— RECORDS FOR THE EXERCISE —
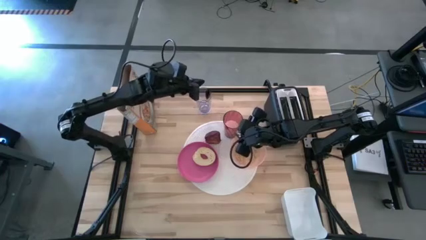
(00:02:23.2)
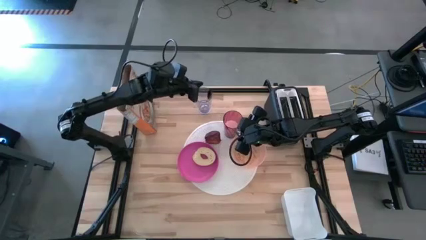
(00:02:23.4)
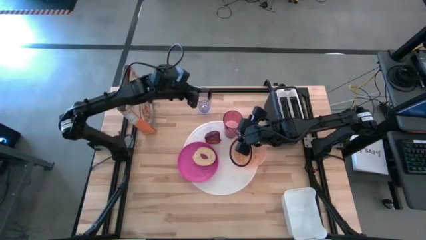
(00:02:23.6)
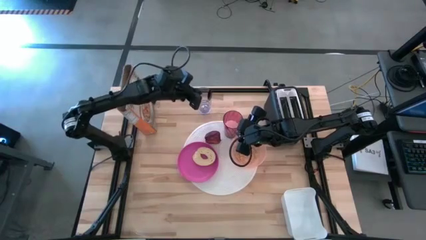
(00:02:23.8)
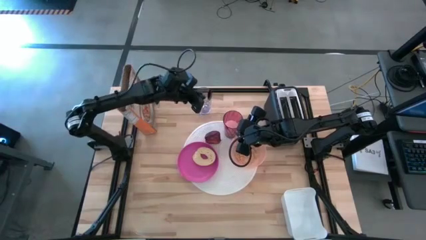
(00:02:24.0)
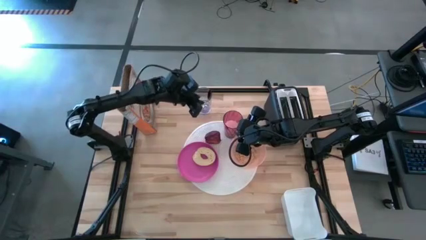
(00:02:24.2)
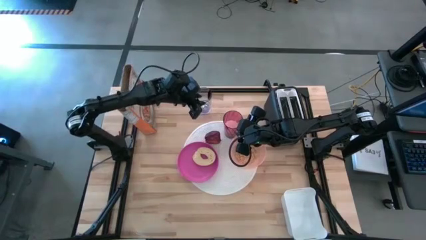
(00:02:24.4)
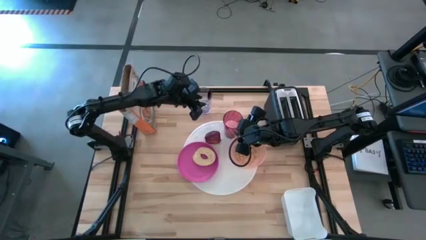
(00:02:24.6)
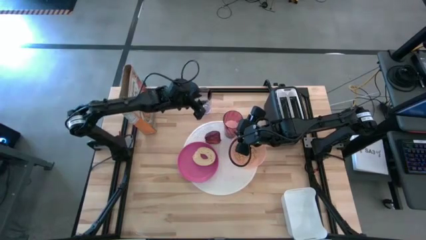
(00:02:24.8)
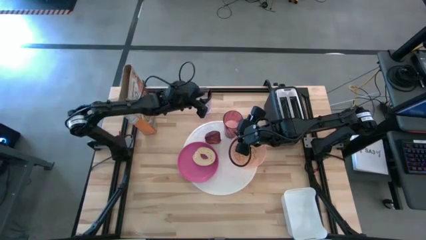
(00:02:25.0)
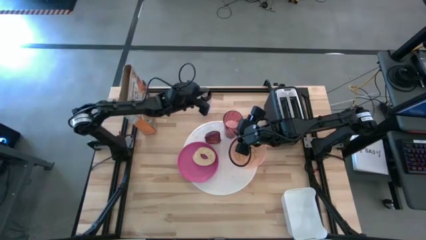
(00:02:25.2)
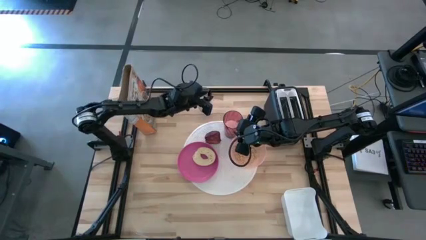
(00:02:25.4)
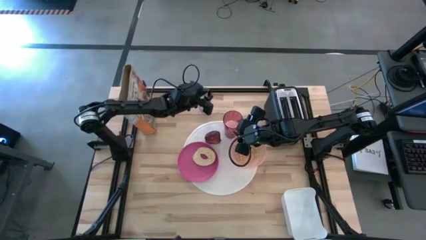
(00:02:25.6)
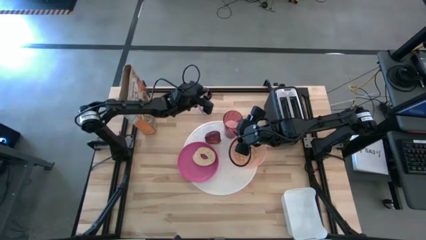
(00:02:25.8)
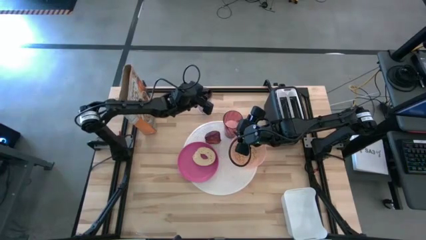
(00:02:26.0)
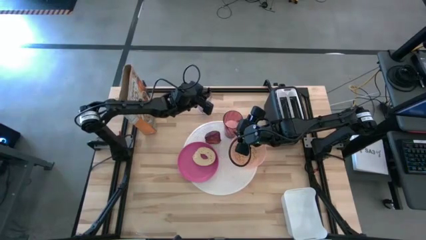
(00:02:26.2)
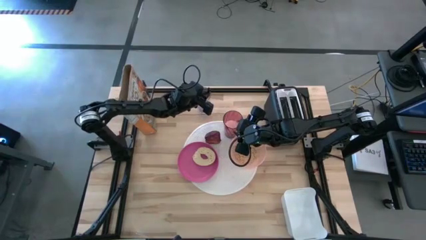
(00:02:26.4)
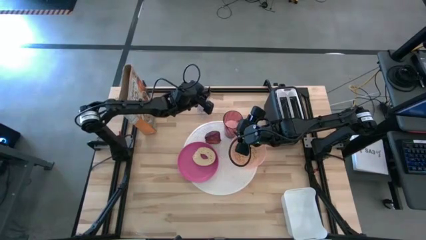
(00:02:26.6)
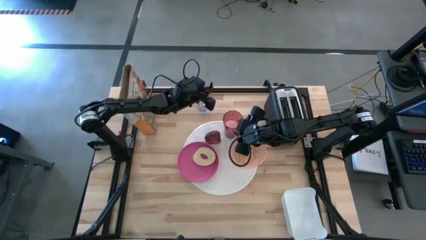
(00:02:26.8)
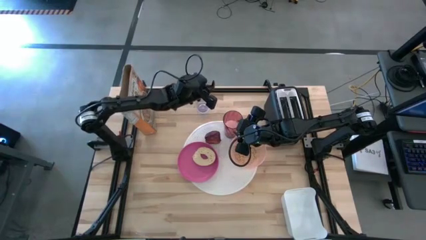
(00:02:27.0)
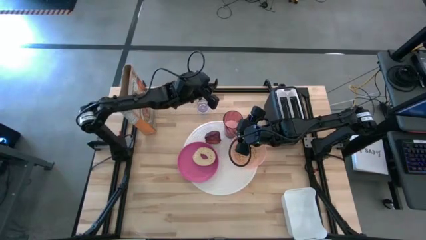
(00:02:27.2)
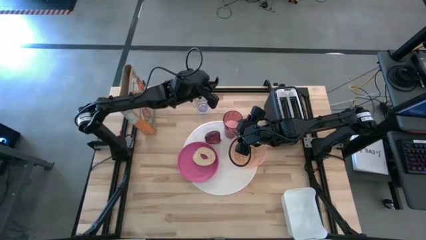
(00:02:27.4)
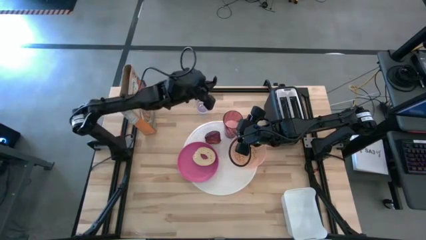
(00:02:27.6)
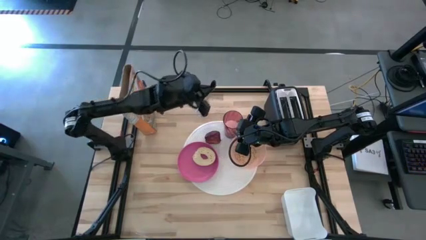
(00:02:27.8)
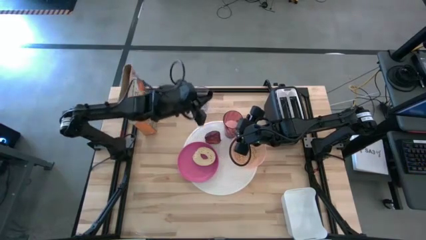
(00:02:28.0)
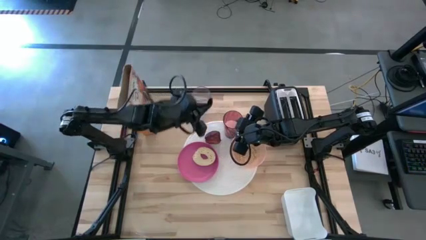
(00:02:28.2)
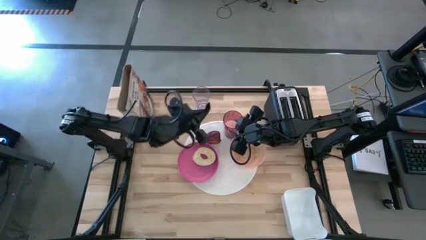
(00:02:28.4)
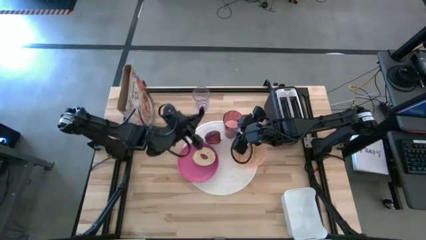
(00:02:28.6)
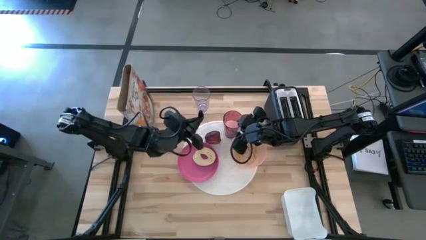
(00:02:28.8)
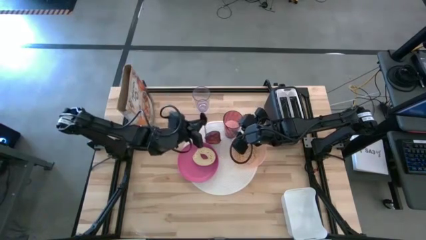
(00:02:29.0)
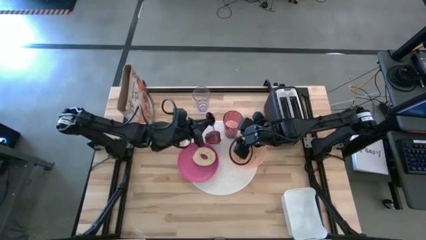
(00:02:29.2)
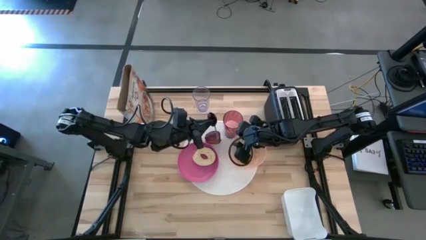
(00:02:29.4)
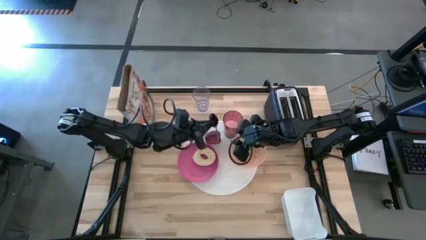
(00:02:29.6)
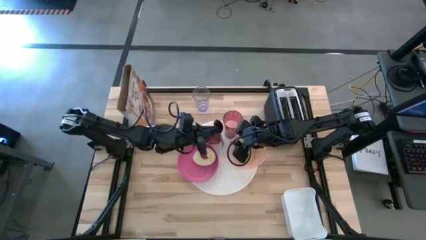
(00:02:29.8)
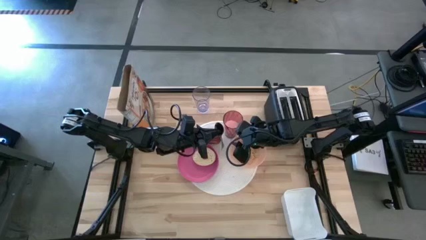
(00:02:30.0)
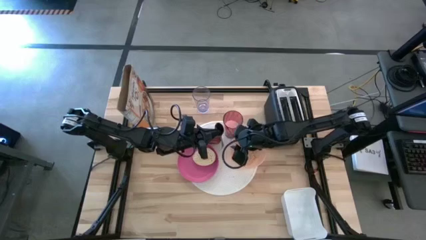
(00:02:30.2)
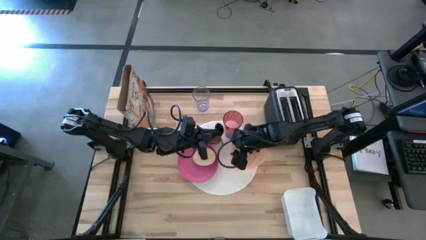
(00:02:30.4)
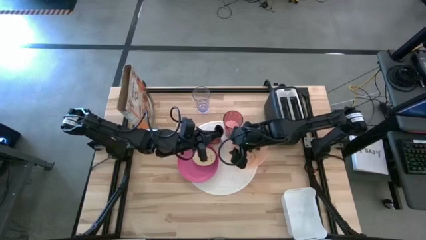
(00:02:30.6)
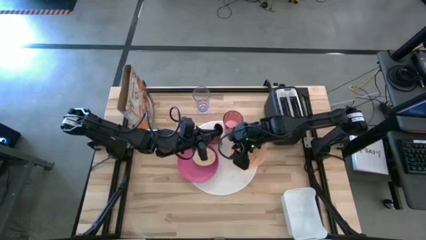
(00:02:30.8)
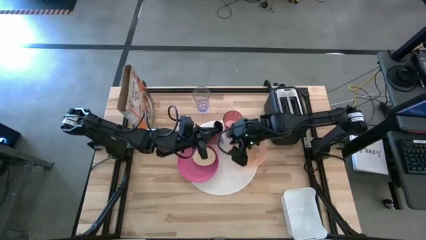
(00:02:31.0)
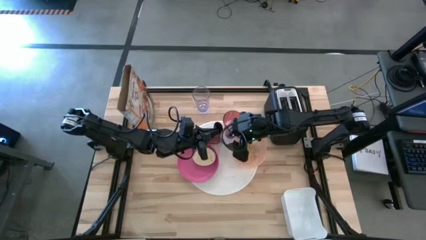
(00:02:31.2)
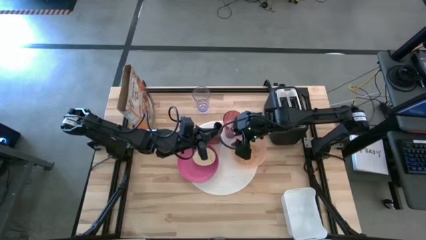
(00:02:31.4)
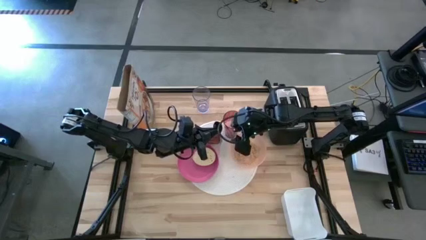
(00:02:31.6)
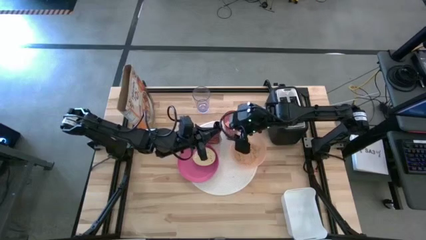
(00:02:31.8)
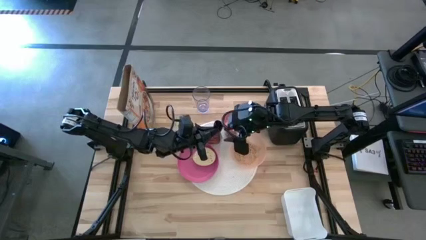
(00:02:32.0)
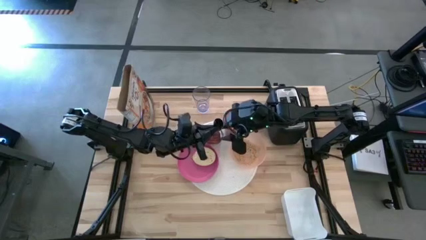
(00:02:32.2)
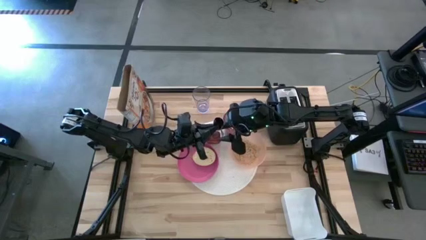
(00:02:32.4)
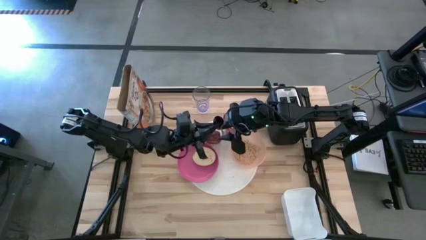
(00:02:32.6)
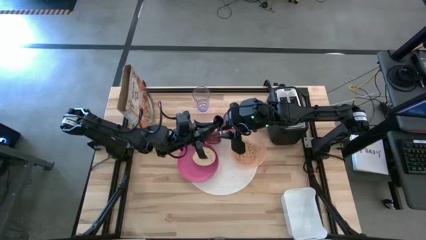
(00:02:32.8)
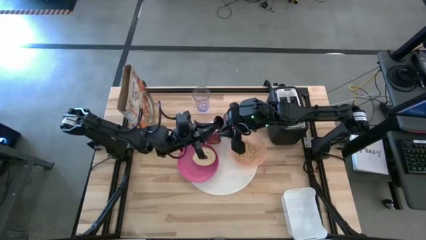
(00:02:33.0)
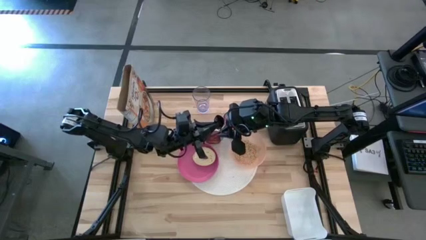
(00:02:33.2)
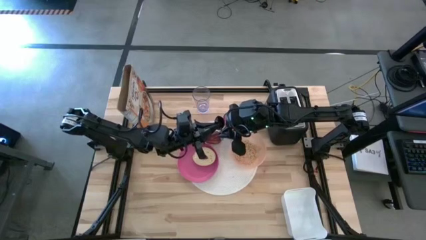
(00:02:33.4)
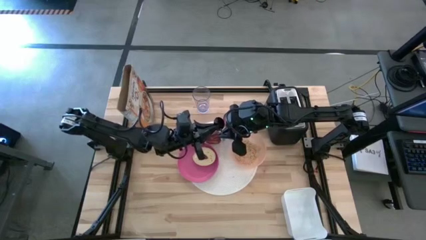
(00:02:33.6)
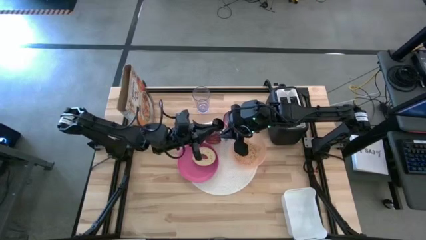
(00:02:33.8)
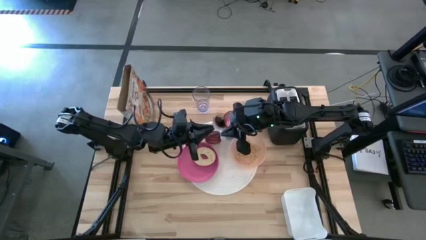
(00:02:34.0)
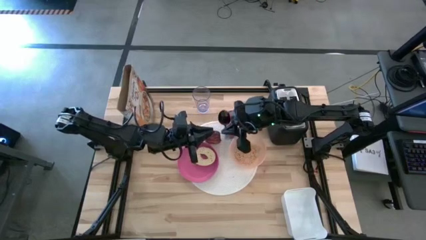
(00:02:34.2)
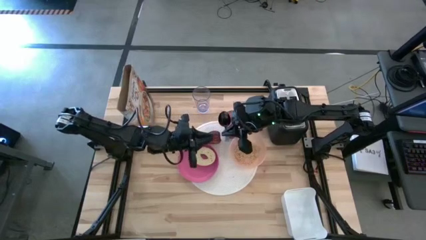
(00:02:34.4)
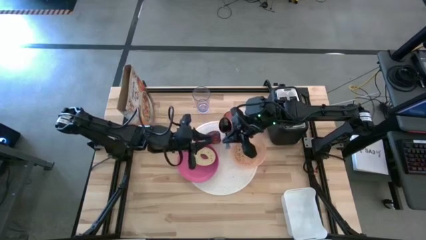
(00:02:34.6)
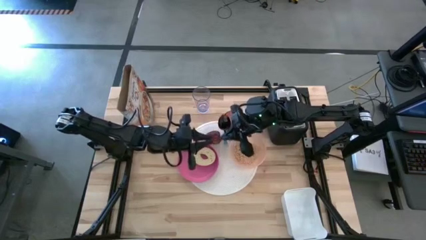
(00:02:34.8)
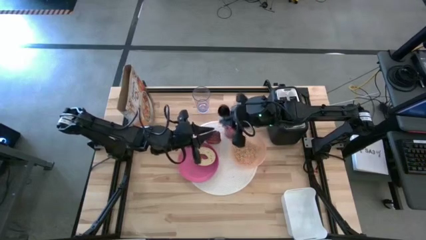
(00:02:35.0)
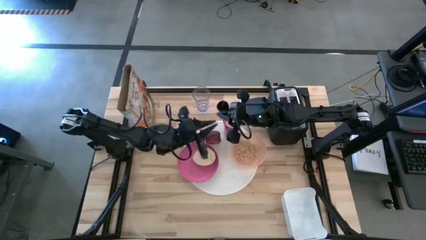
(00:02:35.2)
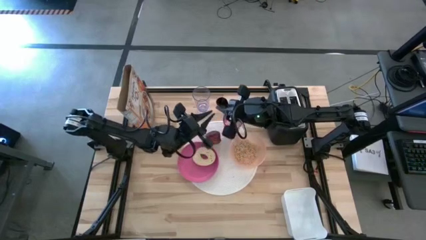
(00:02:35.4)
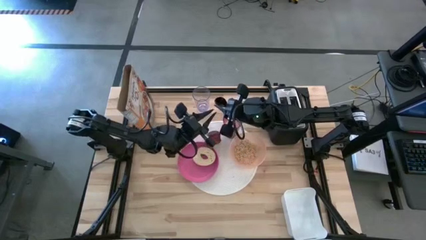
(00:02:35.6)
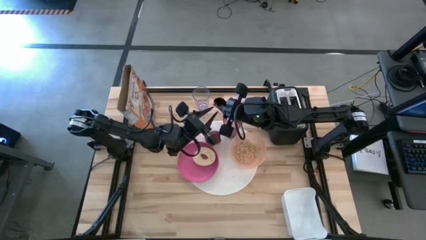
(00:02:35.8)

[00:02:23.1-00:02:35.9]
Task: Arrange a breakfast setting
Put the blue spoon on the right side of the white place mat

— TASK —
Write each line exactly as it appears, from the line that holds "(00:02:27.2)" through the closing line of the data above, and leave every picture out.

— SOLUTION TO THIS TASK —
(00:02:27.2)
(00:02:27.4)
(00:02:27.6)
(00:02:27.8)
(00:02:28.0)
(00:02:28.2)
(00:02:28.4)
(00:02:28.6)
(00:02:28.8)
(00:02:29.0)
(00:02:29.2)
(00:02:29.4)
(00:02:29.6)
(00:02:29.8)
(00:02:30.0)
(00:02:30.2)
(00:02:30.4)
(00:02:30.6)
(00:02:30.8)
(00:02:31.0)
(00:02:31.2)
(00:02:31.4)
(00:02:31.6)
(00:02:31.8)
(00:02:32.0)
(00:02:32.2)
(00:02:32.4)
(00:02:32.6)
(00:02:32.8)
(00:02:33.0)
(00:02:33.2)
(00:02:33.4)
(00:02:33.6)
(00:02:33.8)
(00:02:34.0)
(00:02:34.2)
(00:02:34.4)
(00:02:34.6)
(00:02:34.8)
(00:02:35.0)
(00:02:35.2)
(00:02:35.4)
(00:02:35.6)
(00:02:35.8)

[00:02:23.1-00:02:35.9]
Task: Arrange a breakfast setting
Put the blue spoon on the right side of the white place mat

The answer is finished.